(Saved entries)
►
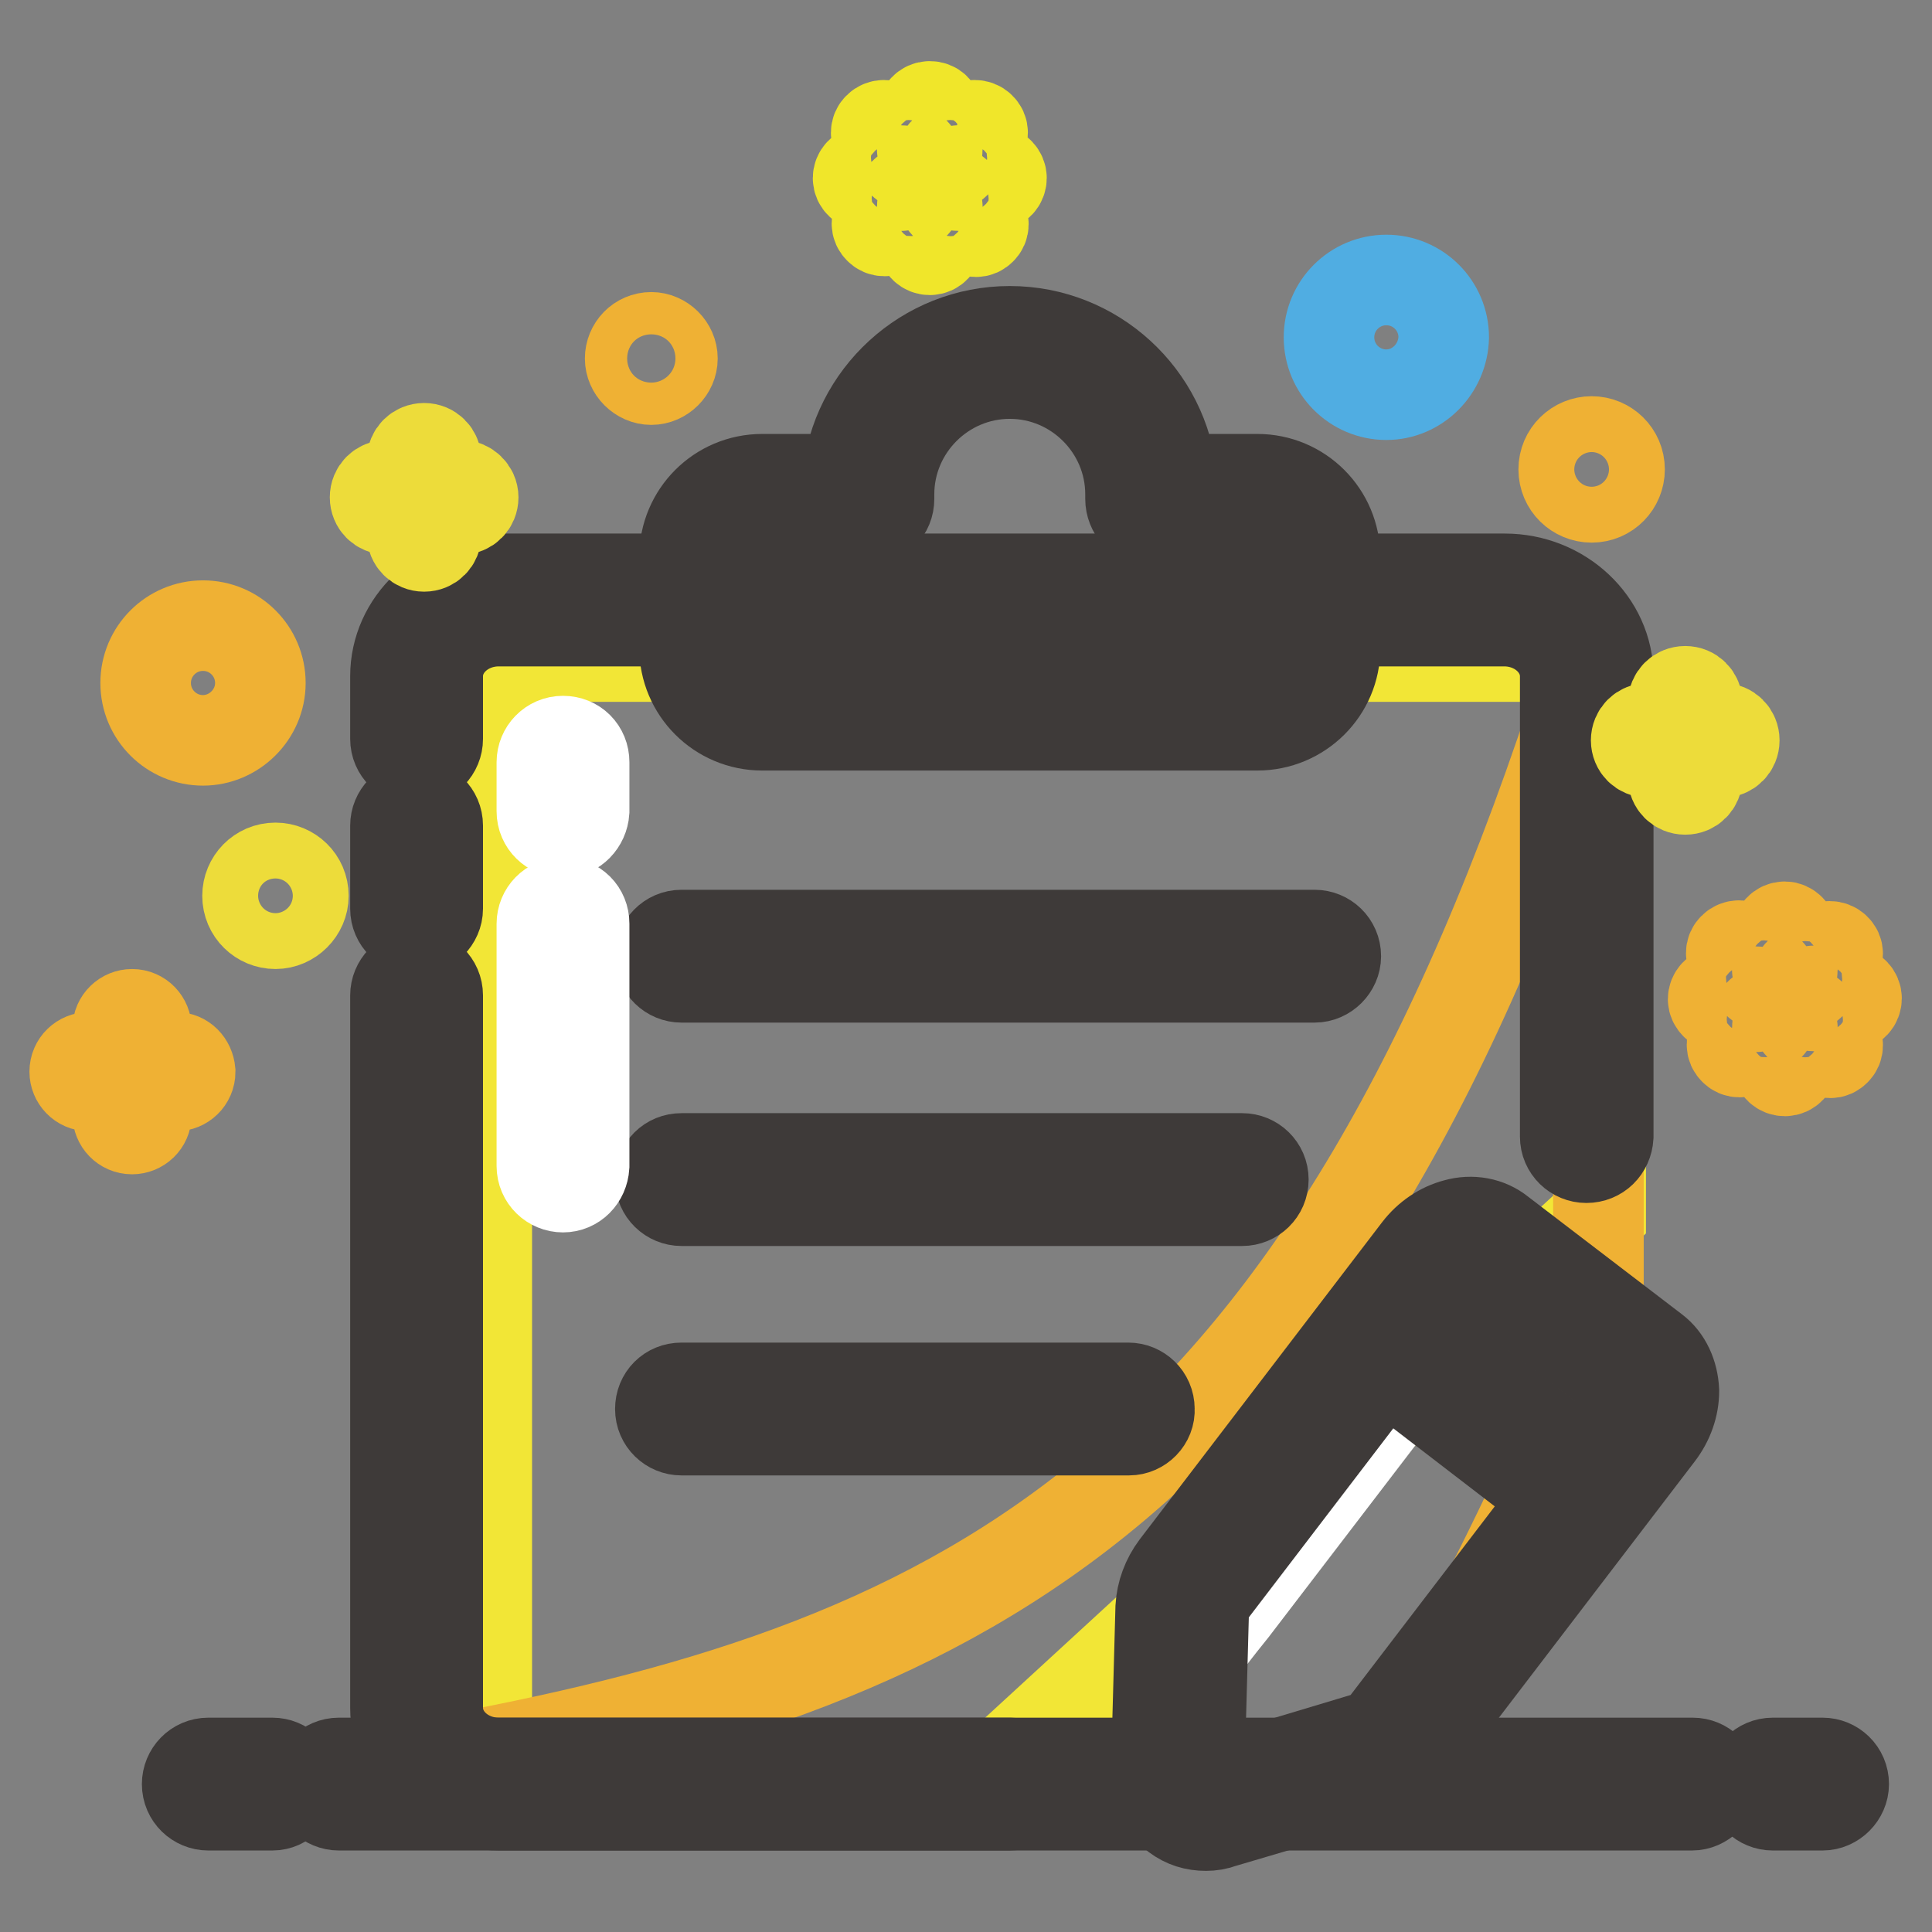 <?xml version="1.0" encoding="utf-8"?>
<!-- Svg Vector Icons : http://www.onlinewebfonts.com/icon -->
<!DOCTYPE svg PUBLIC "-//W3C//DTD SVG 1.1//EN" "http://www.w3.org/Graphics/SVG/1.1/DTD/svg11.dtd">
<svg version="1.1" xmlns="http://www.w3.org/2000/svg" xmlns:xlink="http://www.w3.org/1999/xlink" x="0px" y="0px" viewBox="0 0 256 256" enable-background="new 0 0 256 256" xml:space="preserve">
<rect x="0" y="0" width="256" height="256" fill="#808080" stroke="none"/>
<g> <path stroke-width="12" fill-opacity="0" stroke="#f2e636"  d="M212.1,160.8V96.5c0-5.2-4.3-9.5-9.5-9.5H74c-5.2,0-9.5,4.3-9.5,9.5V225c0,5.2,4.3,9.5,9.5,9.5h57.9 L212.1,160.8z"/> <path stroke-width="12" fill-opacity="0" stroke="#efb134"  d="M60,233.1c1.5,0.9,3.2,1.5,5.1,1.5h116.5c5.5,0,30.2-52,30.2-57.5v-22.5l-1.7-64.9 C175.8,196.9,128.5,220.3,60,233.1z"/> <path stroke-width="12" fill-opacity="0" stroke="#3e3a39"  d="M210.2,153.4c-1.5,0-2.8-1.2-2.8-2.8v-61c0-4-3.6-7.3-8.1-7.3H66.1c-4.5,0-8.1,3.3-8.1,7.3v8.3 c0,1.5-1.2,2.8-2.8,2.8c-1.5,0-2.8-1.2-2.8-2.8v-8.3c0-7.1,6.1-12.9,13.7-12.9h133.3c7.5,0,13.7,5.8,13.7,12.9v61 C213,152.2,211.8,153.4,210.2,153.4z M55.2,123.2c-1.5,0-2.8-1.2-2.8-2.8v-11c0-1.5,1.2-2.8,2.8-2.8c1.5,0,2.8,1.2,2.8,2.8v11 C58,121.9,56.7,123.2,55.2,123.2z M133.8,239.2H66.1c-7.5,0-13.7-5.8-13.7-12.9v-94.4c0-1.5,1.2-2.8,2.8-2.8c1.5,0,2.8,1.2,2.8,2.8 v94.4c0,4,3.6,7.3,8.1,7.3h67.8c1.5,0,2.8,1.2,2.8,2.8C136.6,237.9,135.4,239.2,133.8,239.2L133.8,239.2z"/> <path stroke-width="12" fill-opacity="0" stroke="#f2e636"  d="M90.3,156.3h74.3"/> <path stroke-width="12" fill-opacity="0" stroke="#3e3a39"  d="M164.6,159.1H90.3c-1.5,0-2.8-1.2-2.8-2.8c0-1.6,1.2-2.8,2.8-2.8h74.3c1.5,0,2.8,1.2,2.8,2.8 C167.4,157.9,166.1,159.1,164.6,159.1z"/> <path stroke-width="12" fill-opacity="0" stroke="#f2e636"  d="M90.3,186.7h59.2"/> <path stroke-width="12" fill-opacity="0" stroke="#3e3a39"  d="M149.6,189.5H90.3c-1.5,0-2.8-1.2-2.8-2.8c0-1.6,1.2-2.8,2.8-2.8h59.2c1.5,0,2.8,1.2,2.8,2.8 C152.4,188.2,151.1,189.5,149.6,189.5z"/> <path stroke-width="12" fill-opacity="0" stroke="#f2e636"  d="M90.3,126.7h83.9"/> <path stroke-width="12" fill-opacity="0" stroke="#3e3a39"  d="M174.2,129.5H90.3c-1.5,0-2.8-1.2-2.8-2.8c0-1.5,1.2-2.8,2.8-2.8h83.9c1.5,0,2.8,1.2,2.8,2.8 C177,128.2,175.7,129.5,174.2,129.5z"/> <path stroke-width="12" fill-opacity="0" stroke="#50ade2"  d="M183.7,52.3c-4.2,0-7.6-3.4-7.6-7.6c0-4.2,3.4-7.6,7.6-7.6c4.2,0,7.6,3.4,7.6,7.6 C191.2,48.9,187.8,52.3,183.7,52.3z M183.7,40.9c-2.1,0-3.9,1.7-3.9,3.9c0,2.1,1.7,3.8,3.9,3.8c2.1,0,3.8-1.7,3.8-3.8 C187.5,42.6,185.8,40.9,183.7,40.9z"/> <path stroke-width="12" fill-opacity="0" stroke="#eddc3a"  d="M61.1,64.3h-3.3V61c0-0.9-0.7-1.6-1.6-1.6c-0.9,0-1.6,0.7-1.6,1.6v3.3h-3.3c-0.9,0-1.6,0.7-1.6,1.6 s0.7,1.6,1.6,1.6h3.3v3.3c0,0.9,0.7,1.6,1.6,1.6c0.9,0,1.6-0.7,1.6-1.6v-3.3h3.3c0.9,0,1.6-0.7,1.6-1.6S61.9,64.3,61.1,64.3z  M228.2,96.5h-3.3v-3.3c0-0.9-0.7-1.6-1.6-1.6c-0.9,0-1.6,0.7-1.6,1.6v3.3h-3.3c-0.9,0-1.6,0.7-1.6,1.6c0,0.9,0.7,1.6,1.6,1.6h3.3 v3.3c0,0.9,0.7,1.6,1.6,1.6c0.9,0,1.6-0.7,1.6-1.6v-3.3h3.3c0.9,0,1.6-0.7,1.6-1.6C229.8,97.2,229.1,96.5,228.2,96.5z"/> <path stroke-width="12" fill-opacity="0" stroke="#efb134"  d="M23.3,140.1h-3.9v-3.8c0-1-0.8-1.9-1.9-1.9c-1,0-1.9,0.8-1.9,1.9v3.8h-3.8c-1,0-1.9,0.8-1.9,1.9 c0,1,0.8,1.9,1.9,1.9h3.8v3.8c0,1,0.8,1.9,1.9,1.9c1,0,1.9-0.8,1.9-1.9v-3.8h3.9c1,0,1.9-0.8,1.9-1.9 C25.1,140.9,24.3,140.1,23.3,140.1z"/> <path stroke-width="12" fill-opacity="0" stroke="#efb134"  d="M83.5,47.5c0,1.5,1.3,2.8,2.8,2.8c1.5,0,2.8-1.3,2.8-2.8c0-1.5-1.3-2.8-2.8-2.8 C84.7,44.7,83.5,46,83.5,47.5z"/> <path stroke-width="12" fill-opacity="0" stroke="#efb134"  d="M207.2,62.2c0,2.1,1.7,3.7,3.7,3.7c2.1,0,3.7-1.7,3.7-3.7c0-2.1-1.7-3.7-3.7-3.7 C208.9,58.5,207.2,60.1,207.2,62.2L207.2,62.2z"/> <path stroke-width="12" fill-opacity="0" stroke="#eddc3a"  d="M32.8,118.7c0,2.1,1.7,3.7,3.7,3.7s3.7-1.7,3.7-3.7c0,0,0,0,0,0c0-2.1-1.7-3.7-3.7-3.7 C34.4,115,32.8,116.7,32.8,118.7C32.8,118.7,32.8,118.7,32.8,118.7z"/> <path stroke-width="12" fill-opacity="0" stroke="#efb134"  d="M26.9,98.1c-4.2,0-7.6-3.4-7.6-7.6s3.4-7.6,7.6-7.6c4.2,0,7.6,3.4,7.6,7.6S31,98.1,26.9,98.1z M26.9,86.7 c-2.1,0-3.8,1.7-3.8,3.8c0,2.1,1.7,3.8,3.8,3.8s3.8-1.7,3.8-3.8C30.7,88.4,29,86.7,26.9,86.7z"/> <path stroke-width="12" fill-opacity="0" stroke="#f0e62a"  d="M117.9,16.9c-0.4-0.4-1.1-0.4-1.5,0c-0.2,0.2-0.3,0.4-0.3,0.7s0.1,0.5,0.3,0.7l3.3,3.3 c0.2,0.2,0.4,0.3,0.7,0.3s0.5-0.1,0.7-0.3c0.4-0.4,0.4-1.1,0-1.5L117.9,16.9z M126.7,25.6c-0.2-0.2-0.4-0.3-0.7-0.3 c-0.3,0-0.5,0.1-0.7,0.3c-0.4,0.4-0.4,1.1,0,1.5l3.3,3.3c0.2,0.2,0.4,0.3,0.7,0.3c0.3,0,0.5-0.1,0.7-0.3c0.2-0.2,0.3-0.4,0.3-0.7 c0-0.3-0.1-0.5-0.3-0.7L126.7,25.6z M125.9,21.9c0.3,0,0.5-0.1,0.7-0.3l3.3-3.3c0.2-0.2,0.3-0.4,0.3-0.7c0-0.3-0.1-0.5-0.3-0.7 c-0.4-0.4-1.1-0.4-1.5,0l-3.3,3.3c-0.4,0.4-0.4,1.1,0,1.5C125.4,21.8,125.6,21.9,125.9,21.9z M119.8,25.6l-3.3,3.3 c-0.2,0.2-0.3,0.4-0.3,0.7c0,0.3,0.1,0.5,0.3,0.7c0.2,0.2,0.4,0.3,0.7,0.3c0.3,0,0.5-0.1,0.7-0.3l3.3-3.3c0.4-0.4,0.4-1.1,0-1.5 C120.8,25.2,120.2,25.2,119.8,25.6z M120.4,23.6c0-0.6-0.5-1-1-1h-4.7c-0.6,0-1,0.5-1,1c0,0.6,0.5,1,1,1h4.7 C119.9,24.6,120.4,24.2,120.4,23.6z M131.7,22.6h-4.7c-0.6,0-1,0.5-1,1c0,0.6,0.5,1,1,1h4.7c0.6,0,1-0.5,1-1S132.3,22.6,131.7,22.6 z M123.2,14.1c-0.6,0-1,0.5-1,1v4.7c0,0.6,0.5,1,1,1c0.6,0,1-0.5,1-1v-4.7C124.2,14.5,123.8,14.1,123.2,14.1z M123.2,26.4 c-0.6,0-1,0.5-1,1v4.7c0,0.6,0.5,1,1,1c0.6,0,1-0.5,1-1v-4.7C124.2,26.8,123.8,26.4,123.2,26.4z"/> <path stroke-width="12" fill-opacity="0" stroke="#efb134"  d="M231.2,125.6c-0.4-0.4-1.1-0.4-1.5,0c-0.2,0.2-0.3,0.4-0.3,0.7c0,0.3,0.1,0.5,0.3,0.7l3.3,3.3 c0.2,0.2,0.4,0.3,0.7,0.3c0.3,0,0.5-0.1,0.7-0.3c0.4-0.4,0.4-1.1,0-1.5L231.2,125.6z M239.9,134.4c-0.2-0.2-0.4-0.3-0.7-0.3 c-0.3,0-0.5,0.1-0.7,0.3c-0.4,0.4-0.4,1.1,0,1.5l3.3,3.3c0.2,0.2,0.4,0.3,0.7,0.3c0.3,0,0.5-0.1,0.7-0.3c0.2-0.2,0.3-0.4,0.3-0.7 c0-0.3-0.1-0.5-0.3-0.7L239.9,134.4z M239.2,130.7c0.3,0,0.5-0.1,0.7-0.3l3.3-3.3c0.2-0.2,0.3-0.4,0.3-0.7c0-0.3-0.1-0.5-0.3-0.7 c-0.4-0.4-1.1-0.4-1.5,0l-3.3,3.3c-0.4,0.4-0.4,1.1,0,1.5C238.6,130.6,238.9,130.7,239.2,130.7z M233.1,134.4l-3.3,3.3 c-0.2,0.2-0.3,0.4-0.3,0.7c0,0.3,0.1,0.5,0.3,0.7c0.2,0.2,0.4,0.3,0.7,0.3c0.3,0,0.5-0.1,0.7-0.3l3.3-3.3c0.4-0.4,0.4-1.1,0-1.5 C234.1,134,233.4,134,233.1,134.4L233.1,134.4z M233.7,132.4c0-0.6-0.5-1-1-1H228c-0.6,0-1,0.5-1,1s0.5,1,1,1h4.7 C233.2,133.4,233.7,132.9,233.7,132.4z M245,131.3h-4.7c-0.6,0-1,0.5-1,1s0.5,1,1,1h4.7c0.6,0,1-0.5,1-1S245.6,131.3,245,131.3z  M236.5,122.8c-0.6,0-1,0.5-1,1v4.7c0,0.6,0.5,1,1,1c0.6,0,1-0.5,1-1v-4.7C237.5,123.3,237,122.8,236.5,122.8z M236.5,135.2 c-0.6,0-1,0.5-1,1v4.7c0,0.6,0.5,1,1,1c0.6,0,1-0.5,1-1v-4.7C237.5,135.6,237,135.2,236.5,135.2z"/> <path stroke-width="12" fill-opacity="0" stroke="#3e3a39"  d="M241.5,239.2h-6.6c-1.5,0-2.8-1.2-2.8-2.8c0-1.5,1.2-2.8,2.8-2.8h6.6c1.5,0,2.8,1.2,2.8,2.8 C244.3,237.9,243,239.2,241.5,239.2z M36.1,239.2h-8.5c-1.5,0-2.8-1.2-2.8-2.8c0-1.5,1.2-2.8,2.8-2.8h8.5c1.5,0,2.8,1.2,2.8,2.8 C38.8,237.9,37.6,239.2,36.1,239.2z"/> <path stroke-width="12" fill-opacity="0" stroke="#3e3a39"  d="M224.2,239.2H44.9c-1.5,0-2.8-1.2-2.8-2.8c0-1.5,1.2-2.8,2.8-2.8h179.4c1.5,0,2.8,1.2,2.8,2.8 C227,237.9,225.7,239.2,224.2,239.2L224.2,239.2z"/> <path stroke-width="12" fill-opacity="0" stroke="#efb134"  d="M166.6,66.3h-14c0-0.2,0-0.5,0-0.7c0-10.4-8.4-18.8-18.8-18.8c-10.4,0-18.8,8.4-18.8,18.8 c0,0.3,0,0.5,0,0.7h-14c-4.1,0-7.5,3.3-7.5,7.5v12.1c0,4.1,3.3,7.5,7.5,7.5h65.6c4.1,0,7.5-3.3,7.5-7.5V73.8 C174.1,69.6,170.8,66.3,166.6,66.3L166.6,66.3z"/> <path stroke-width="12" fill-opacity="0" stroke="#3e3a39"  d="M166.6,96.1H101c-5.7,0-10.3-4.6-10.3-10.3V73.8c0-5.7,4.6-10.3,10.3-10.3h11.3c1-11,10.3-19.6,21.5-19.6 c11.2,0,20.5,8.6,21.5,19.6h11.3c5.7,0,10.3,4.6,10.3,10.3v12.1C176.9,91.5,172.3,96.1,166.6,96.1L166.6,96.1z M101,69 c-2.6,0-4.7,2.1-4.7,4.7v12.1c0,2.6,2.1,4.7,4.7,4.7h65.6c2.6,0,4.7-2.1,4.7-4.7V73.8c0-2.6-2.1-4.7-4.7-4.7h-14 c-0.8,0-1.5-0.3-2-0.9c-0.5-0.6-0.8-1.3-0.8-2.1l0-0.6c0-8.8-7.2-16-16-16c-8.8,0-16,7.2-16,16l0,0.6c0,0.8-0.3,1.5-0.8,2 c-0.5,0.5-1.2,0.8-2,0.8L101,69L101,69z"/> <path stroke-width="12" fill-opacity="0" stroke="#ffffff"  d="M74.6,110.3c-1.5,0-2.8-1.2-2.8-2.8V101c0-1.5,1.2-2.8,2.8-2.8c1.6,0,2.8,1.2,2.8,2.8v6.5 C77.3,109,76.1,110.3,74.6,110.3z"/> <path stroke-width="12" fill-opacity="0" stroke="#ffffff"  d="M74.6,157.3c-1.5,0-2.8-1.2-2.8-2.8v-32.1c0-1.5,1.2-2.8,2.8-2.8c1.6,0,2.8,1.2,2.8,2.8v32.1 C77.3,156.1,76.1,157.3,74.6,157.3L74.6,157.3z"/> <path stroke-width="12" fill-opacity="0" stroke="#ffffff"  d="M183.4,233.2l-19.1,7.1c-2.6,1-4.6-0.6-4.3-3.3l-4-13.5c0.1-1.2,6.5-9.2,7.4-10.3l31.3-40.9 c1.8-2.4,4.7-3.3,6.3-2.1l17.1,13.1c1.6,1.2,1.5,4.2-0.4,6.6l-31.3,40.9C185.6,231.9,184.5,232.8,183.4,233.2z"/> <path stroke-width="12" fill-opacity="0" stroke="#f2e636"  d="M210,197.7l-26.8-20.6"/> <path stroke-width="12" fill-opacity="0" stroke="#3e3a39"  d="M210,200.5c-0.6,0-1.2-0.2-1.7-0.6l-26.8-20.6c-1.2-0.9-1.5-2.7-0.5-3.9c0.9-1.2,2.7-1.5,3.9-0.5l26.8,20.6 c1.2,0.9,1.5,2.7,0.5,3.9C211.7,200.1,210.8,200.5,210,200.5L210,200.5z"/> <path stroke-width="12" fill-opacity="0" stroke="#3e3a39"  d="M159.8,241.9c-1.5,0-2.8-0.4-4-1.3c-1.7-1.3-2.6-3.3-2.6-5.7l0.6-21.9c0.1-1.9,0.8-3.8,2-5.4l32.1-42 c1.3-1.7,3.1-2.9,5-3.4c2.1-0.6,4.3-0.2,5.9,1.1l20.4,15.6c1.6,1.2,2.5,3.2,2.6,5.4c0,2-0.7,4-2,5.7l-32.1,42 c-1.2,1.6-2.9,2.8-4.7,3.3l-21,6.2C161.2,241.8,160.5,241.9,159.8,241.9z M194.8,167.7c-0.2,0-0.4,0-0.5,0.1 c-0.7,0.2-1.4,0.7-1.9,1.4l-32.1,42c-0.5,0.7-0.8,1.5-0.8,2.1l-0.6,21.9c0,0.5,0.1,0.9,0.4,1.1c0.2,0.2,0.7,0.2,1.2,0.1l21-6.3 c0.7-0.2,1.3-0.7,1.8-1.3l32.1-42c0.5-0.7,0.8-1.5,0.8-2.2c0-0.2-0.1-0.8-0.4-1l-20.4-15.6C195.2,167.7,195,167.7,194.8,167.7 L194.8,167.7z"/></g>
</svg>
◄
▶ **Problem details**
Among the lines of the data, find every one that holds "http" and copy it.

▶ **Task solution**
<!-- Svg Vector Icons : http://www.onlinewebfonts.com/icon -->
<!DOCTYPE svg PUBLIC "-//W3C//DTD SVG 1.1//EN" "http://www.w3.org/Graphics/SVG/1.1/DTD/svg11.dtd">
<svg version="1.1" xmlns="http://www.w3.org/2000/svg" xmlns:xlink="http://www.w3.org/1999/xlink" x="0px" y="0px" viewBox="0 0 256 256" enable-background="new 0 0 256 256" xml:space="preserve">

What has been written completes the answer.